PART 1 - THE EARLY
YEARS
PART 2 - THE GREAT WAR
PART 3 - THE TWENTIES
PART 4 -
FROM GENERAL STRIKE TO WORLD WAR 2
PART 5 -MARRIED
LIFE AND THE CLOUDS OF WAR
PART 6 - OUTBREAK OF
WAR
PART 7 - THE HEIGHT OF WAR
PART 8 - 1942-44:AMERICA DECLARES WAR
PART 9: POST-WAR 1945-1950: RUNNING THE PUB
PART 10: THE AFTERMATH OF WAR
PART 12: THE SIXTIES
PART 13:
FROM HILDENBOROUGH TO DENMEAD
PART 14: TRAVELLING
THROUGH LIFE AND DEATH
PART 15: THE LAST 25
YEARS
FIRST PUBLISHED IN THE JUNE 1997 ISSUE OF ST GEORGE'S NEWS
It was strange after so long now being able to live an ordinary life in this lovely old Market Town, as it was in 1952. I had no knowledge of Kent and found it a very colourful part of the country with its fruit farms, a river flowing through the middle of the town, a ruined Castle with its keep looking down on all it surveyed, and the great school, dating back to Queen Elizabeth Ist days, with its playing fields spreading far into the country on the northern side of the town bounded by the London road.
Here we bought a house of our own, it was built in what was a terrace in the early Victorian times, three stories high with a semi-basement and a walled garden which ran down to the school grounds. It needed a lot of work to be done on it, in the first place the roof leaked and had to be re-slated. This proved to be little trouble as there were many building firms getting back to life with all the rebuilding that was in progress at that time. Without much ado a couple of men soon arrived with ladders and were up on the roof throwing the old slates down in to a truck by the side of the house. I was amazed how they walked about the roof as though they were crossing a road, there was no such thing as scaffolding then. When I asked the builder if this wasn't a little dangerous, he said, "don't worry about them, they feel safer up there than on the ground."
The next job was on the kitchen where a new Rayburn had to be installed instead of the old kitchen range. This was a treasure as it heated the water and kept the flagstoned kitchen warm and was fed by solid fuel. It was a great start and so we were able to move in.

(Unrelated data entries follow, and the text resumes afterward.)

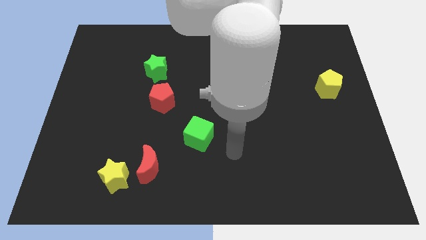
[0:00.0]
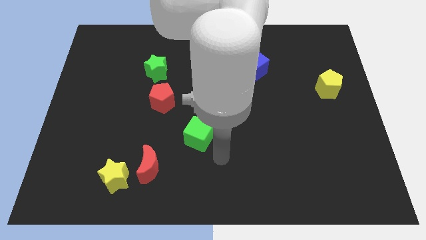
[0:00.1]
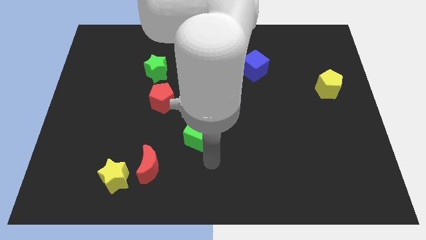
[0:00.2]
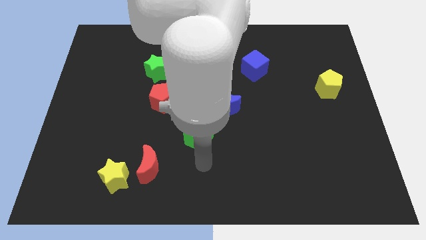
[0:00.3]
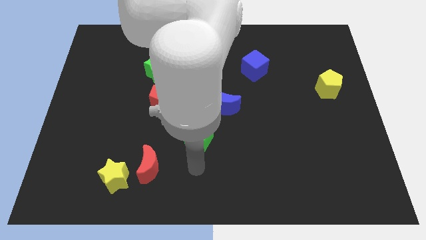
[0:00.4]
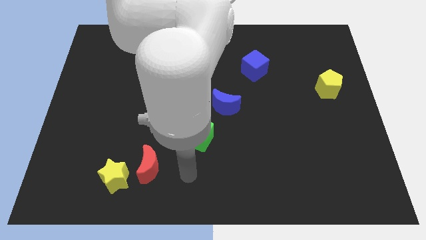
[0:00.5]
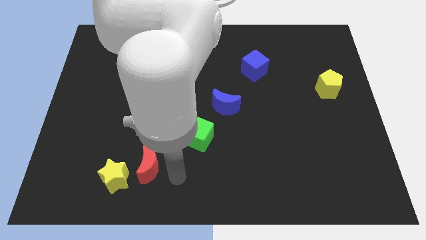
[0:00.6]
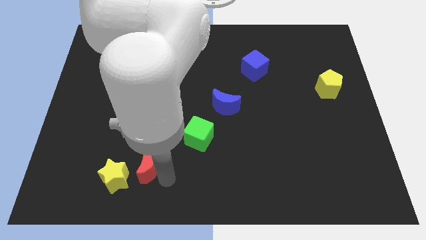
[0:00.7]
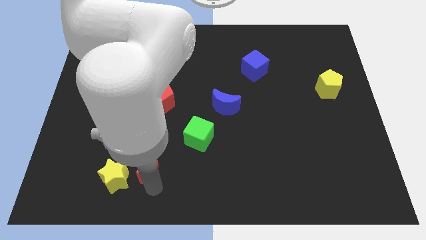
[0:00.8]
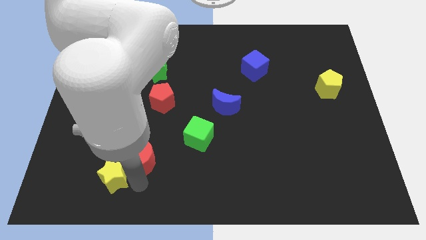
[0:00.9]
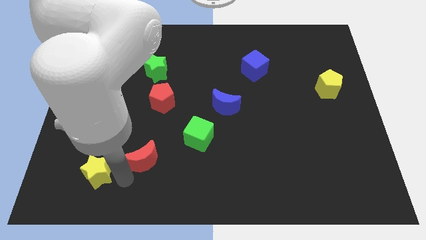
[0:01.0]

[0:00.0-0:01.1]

By now it was hop-picking time so we took a break from house repairing and joined the hop pickers. These families came from East London yearly and stayed on the same farm year in and year out about the beginning of September until the job was finished about three to four weeks. It was their annual holiday and whole families came and lived in huts on the farm specially built for them. One had to apply to the farmer if you were local and he supplied you with a "bin", a long canvas sack, open at the side and fixed to trestles at each end; into which the picked hops were put after being stripped off the vine. My sister-in-law had one to raise money for the church and the first year we helped her, but after that we had one of our own and got many friends to help over the weeks. It wasn't easy at first to be quick, but after a while one got quite used to the work but it did nothing for your hands which became stained green. It was also terribly badly paid but when some of the pickers remonstrated with the farmer he just said - well, it's your holiday isn't it, who else would pay you for that! End of complaints. We all liked it and treated it as part of our summer holiday. I think we must have had some wet days but I can only remember having to get up at 6 o'clock to get to the hop-gardens by seven when a whistle blew for you to start. You took a picnic lunch and a vacuum of coffee as it was jolly cold at first but when the sun filtered through the vines it was wonderful, and there was a great deal of fun doing it day after day. Most of the regulars from London were Cockneys and their humour was hilarious and their back slang, and rhyming sounded like a foreign language. Quite a few pubs wouldn't serve them in the evening and the ones that did only had them in the public bar. They were a bit high at times but really not much worse than the farm labourers were after muck spreading on the fields. I don't think people knew much about hygiene then, but they certainly knew how to enjoy themselves, and I am sure no-one ever suffered from stress.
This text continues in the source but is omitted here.